── EXERCISE INPUT

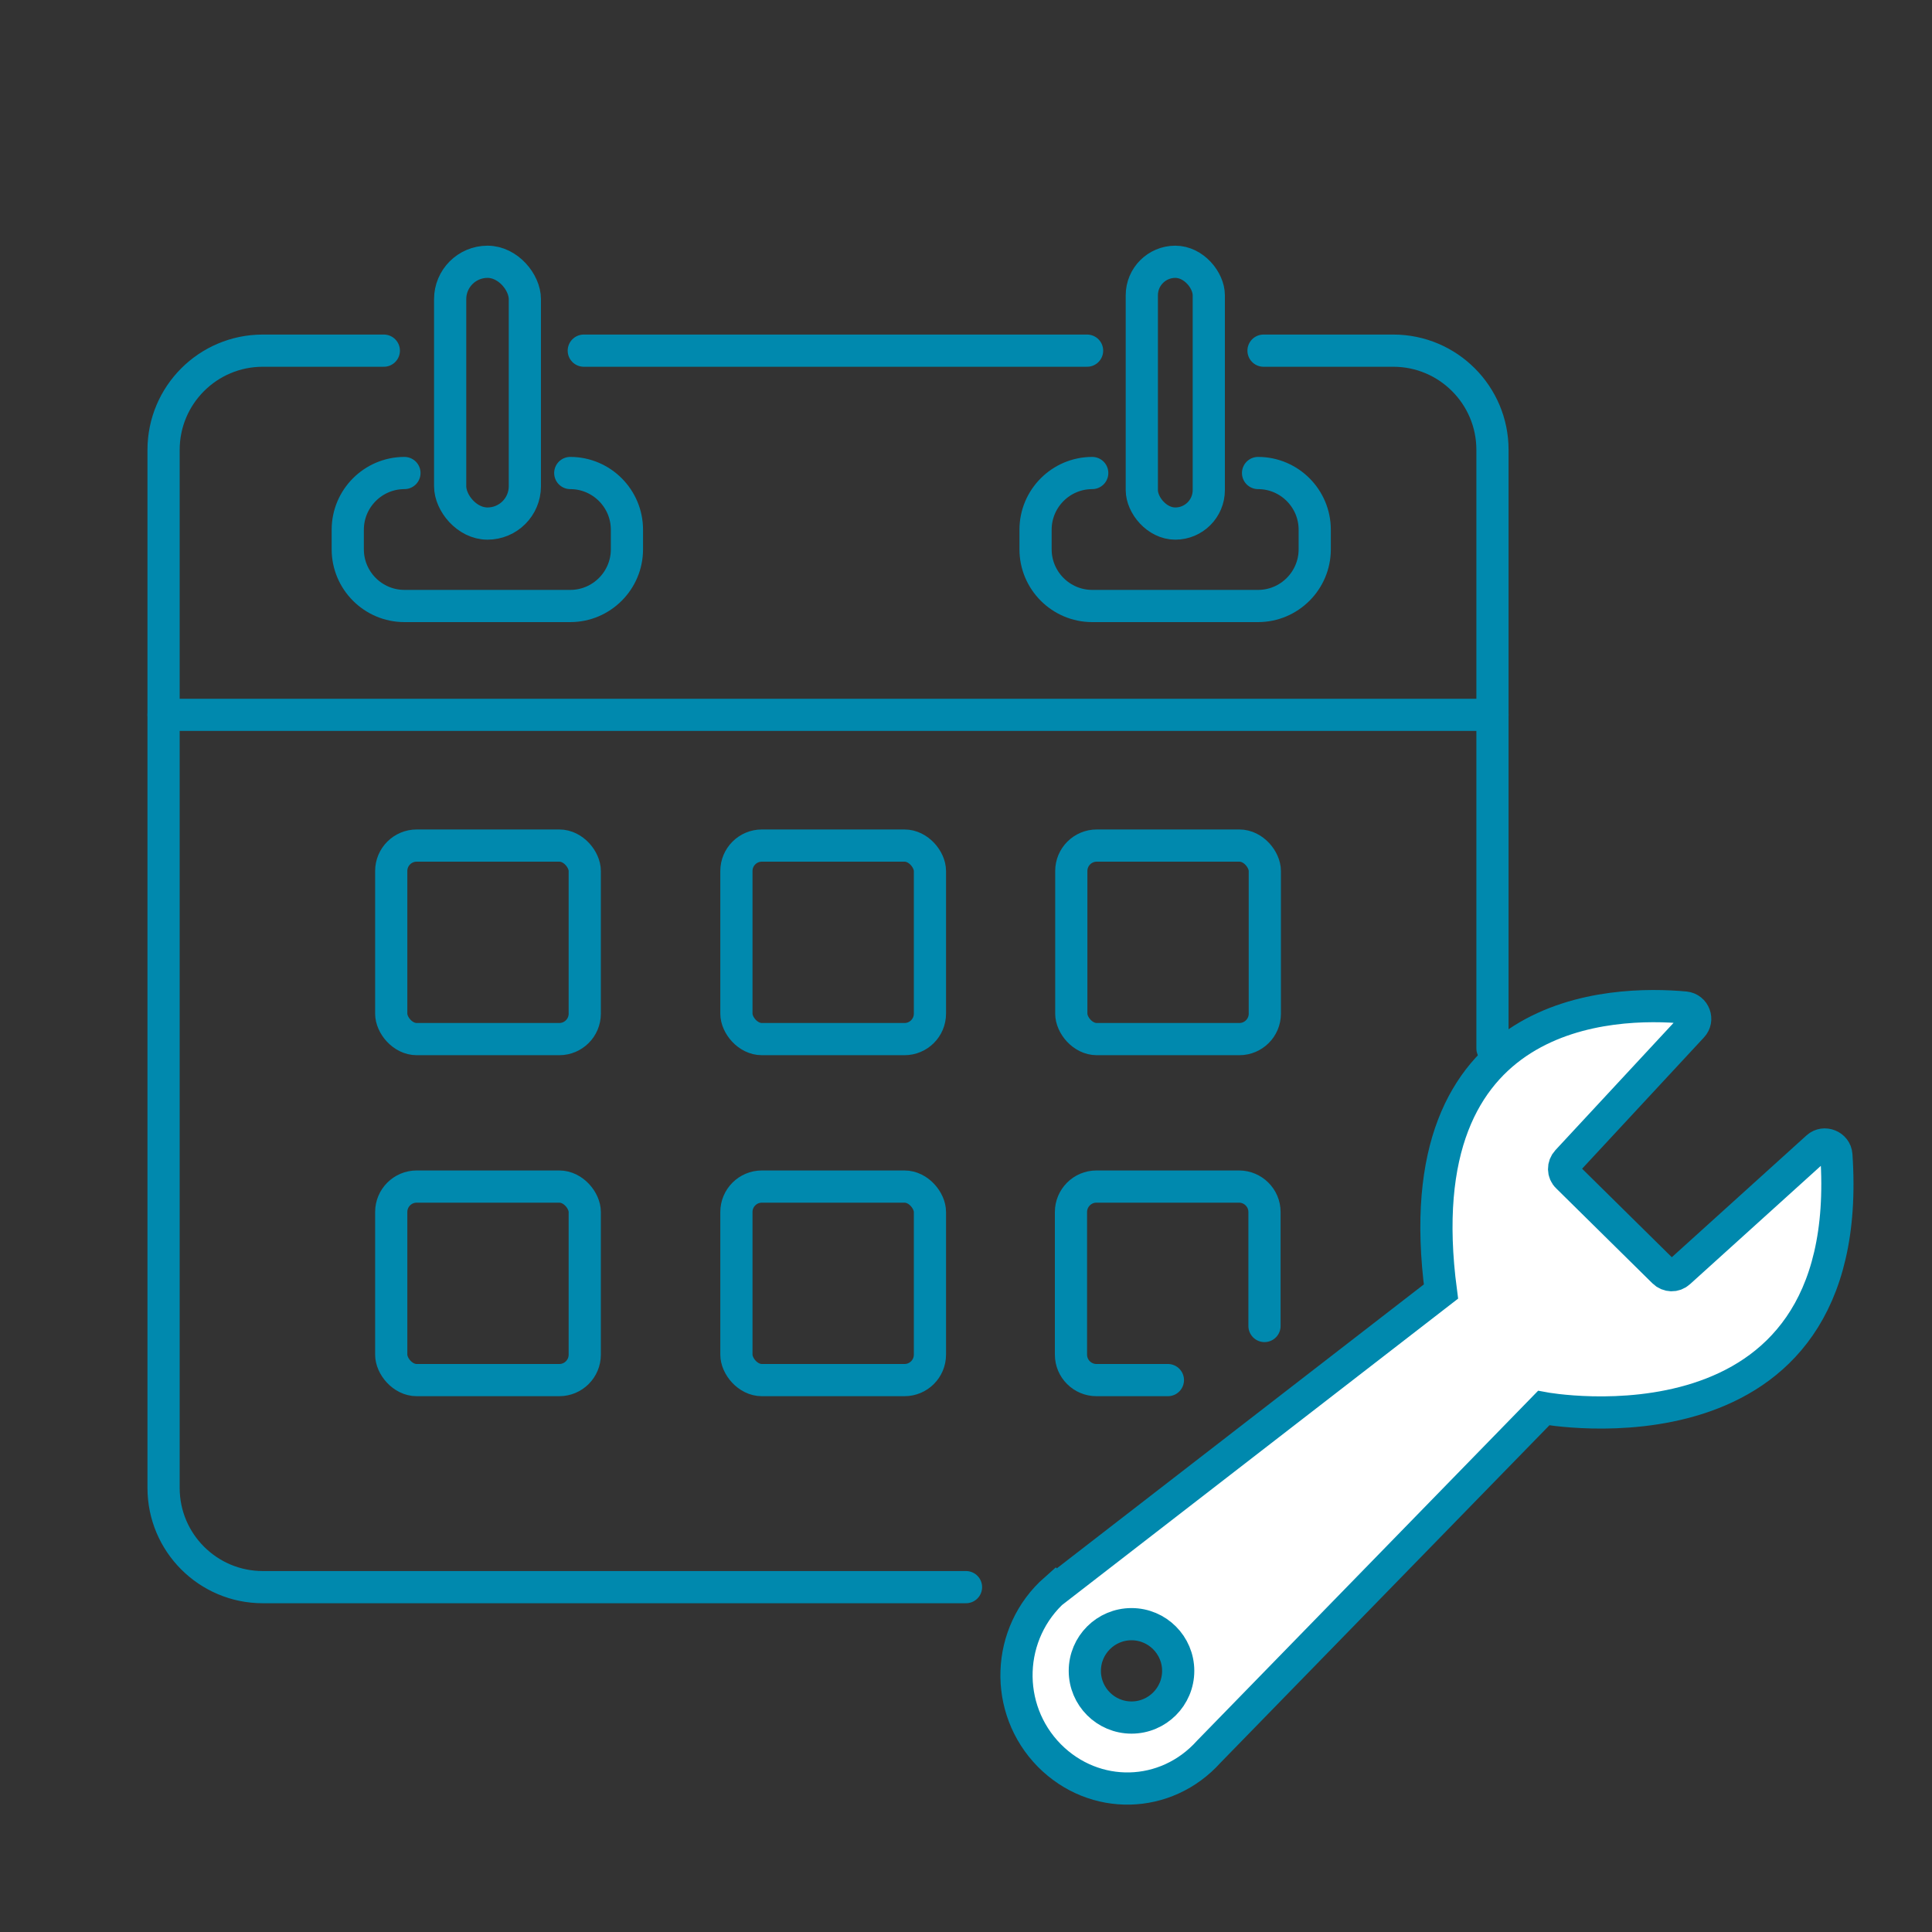 <?xml version="1.0" encoding="UTF-8"?>
<svg id="text" xmlns="http://www.w3.org/2000/svg" viewBox="0 0 60 60">
  <rect x="0" y="0" width="60" height="60" fill="#333333" stroke="none"/>
  <defs>
    <style>
      .cls-1 {
        fill: #fff;
        stroke-miterlimit: 10;
      }

      .cls-1, .cls-2 {
        stroke: #0089ae;
      }

      .cls-2 {
        fill: none;
        stroke-linecap: round;
        stroke-linejoin: round;
      }
    </style>
  </defs>
  <path class="cls-1" d="M32.77,49.36c-1.53,1.35-1.61,3.71-.18,5.16,1.4,1.41,3.62,1.36,4.95-.12l10.4-10.67s9.75,1.82,9.09-7.86c-.02-.29-.38-.43-.59-.24l-4.29,3.88c-.14.13-.35.12-.48-.01l-2.99-2.95c-.14-.13-.14-.35-.01-.49l3.88-4.18c.2-.21.07-.56-.22-.59-2.18-.2-8.76-.1-7.58,8.82l-11.97,9.26ZM33.69,51.89c0-.8.65-1.45,1.45-1.45s1.45.65,1.45,1.45-.65,1.45-1.45,1.45-1.45-.65-1.45-1.45Z"/>
  <path class="cls-2" d="M30,49.29H8.16c-1.7,0-3.08-1.38-3.08-3.08V13.97c0-1.7,1.38-3.08,3.08-3.08h3.76"/>
  <path class="cls-2" d="M39.24,10.89h4.03c1.7,0,3.08,1.38,3.08,3.08v18.59"/>
  <line class="cls-2" x1="18.13" y1="10.89" x2="33.76" y2="10.89"/>
  <line class="cls-2" x1="5.08" y1="22.2" x2="46.35" y2="22.2"/>
  <rect class="cls-2" x="13.98" y="8.13" width="2.32" height="8.13" rx="1.16" ry="1.16"/>
  <path class="cls-2" d="M17.71,14.69c.97,0,1.76.79,1.76,1.76v.61c0,.97-.79,1.76-1.76,1.76h-5.15c-.97,0-1.76-.79-1.76-1.76v-.61c0-.97.79-1.76,1.76-1.76"/>
  <rect class="cls-2" x="35.46" y="8.13" width="2.08" height="8.13" rx="1.04" ry="1.04"/>
  <path class="cls-2" d="M39.07,14.69c.97,0,1.76.79,1.76,1.76v.61c0,.97-.79,1.76-1.76,1.76h-5.15c-.97,0-1.76-.79-1.76-1.76v-.61c0-.97.79-1.76,1.76-1.76"/>
  <rect class="cls-2" x="12.15" y="26.26" width="6.01" height="6.01" rx=".79" ry=".79"/>
  <rect class="cls-2" x="22.87" y="26.26" width="6.01" height="6.01" rx=".79" ry=".79"/>
  <rect class="cls-2" x="33.27" y="26.26" width="6.01" height="6.01" rx=".79" ry=".79"/>
  <rect class="cls-2" x="12.15" y="36.85" width="6.01" height="6.01" rx=".79" ry=".79"/>
  <rect class="cls-2" x="22.87" y="36.85" width="6.01" height="6.01" rx=".79" ry=".79"/>
  <path class="cls-2" d="M36.27,42.86h-2.22c-.43,0-.79-.35-.79-.79v-4.43c0-.43.35-.79.79-.79h4.43c.43,0,.79.35.79.79v3.54"/>
</svg>

────

▶ **TASK INSTRUCTIONS**: All records must be output exactly as they are, except for the pictures, which are left out.

▶ **EXERCISE RESULT**:
 <?xml version="1.0" encoding="UTF-8"?>
<svg id="text" xmlns="http://www.w3.org/2000/svg" viewBox="0 0 60 60">
  <rect x="0" y="0" width="60" height="60" fill="#333333" stroke="none"/>
  <defs>
    <style>
      .cls-1 {
        fill: #fff;
        stroke-miterlimit: 10;
      }

      .cls-1, .cls-2 {
        stroke: #0089ae;
      }

      .cls-2 {
        fill: none;
        stroke-linecap: round;
        stroke-linejoin: round;
      }
    </style>
  </defs>
  <path class="cls-1" d="M32.77,49.36c-1.53,1.35-1.61,3.71-.18,5.16,1.4,1.41,3.62,1.36,4.95-.12l10.4-10.67s9.75,1.82,9.09-7.86c-.02-.29-.38-.43-.59-.24l-4.29,3.88c-.14.13-.35.12-.48-.01l-2.99-2.95c-.14-.13-.14-.35-.01-.49l3.88-4.18c.2-.21.07-.56-.22-.59-2.18-.2-8.76-.1-7.58,8.82l-11.97,9.26ZM33.69,51.89c0-.8.65-1.45,1.45-1.45s1.45.65,1.45,1.45-.65,1.45-1.45,1.45-1.45-.65-1.45-1.45Z"/>
  <path class="cls-2" d="M30,49.29H8.16c-1.7,0-3.08-1.38-3.08-3.08V13.97c0-1.7,1.38-3.08,3.08-3.08h3.76"/>
  <path class="cls-2" d="M39.24,10.89h4.03c1.7,0,3.08,1.38,3.08,3.08v18.59"/>
  <line class="cls-2" x1="18.13" y1="10.89" x2="33.76" y2="10.89"/>
  <line class="cls-2" x1="5.08" y1="22.2" x2="46.35" y2="22.2"/>
  <rect class="cls-2" x="13.98" y="8.13" width="2.32" height="8.13" rx="1.16" ry="1.16"/>
  <path class="cls-2" d="M17.71,14.69c.97,0,1.76.79,1.76,1.76v.61c0,.97-.79,1.76-1.76,1.76h-5.15c-.97,0-1.76-.79-1.76-1.76v-.61c0-.97.79-1.76,1.76-1.76"/>
  <rect class="cls-2" x="35.46" y="8.13" width="2.08" height="8.13" rx="1.04" ry="1.04"/>
  <path class="cls-2" d="M39.07,14.69c.97,0,1.76.79,1.76,1.76v.61c0,.97-.79,1.76-1.76,1.76h-5.15c-.97,0-1.76-.79-1.76-1.76v-.61c0-.97.79-1.76,1.76-1.76"/>
  <rect class="cls-2" x="12.15" y="26.26" width="6.01" height="6.01" rx=".79" ry=".79"/>
  <rect class="cls-2" x="22.87" y="26.26" width="6.01" height="6.01" rx=".79" ry=".79"/>
  <rect class="cls-2" x="33.27" y="26.26" width="6.01" height="6.01" rx=".79" ry=".79"/>
  <rect class="cls-2" x="12.15" y="36.85" width="6.01" height="6.01" rx=".79" ry=".79"/>
  <rect class="cls-2" x="22.87" y="36.85" width="6.01" height="6.01" rx=".79" ry=".79"/>
  <path class="cls-2" d="M36.27,42.86h-2.22c-.43,0-.79-.35-.79-.79v-4.43c0-.43.35-.79.79-.79h4.43c.43,0,.79.35.79.79v3.54"/>
</svg>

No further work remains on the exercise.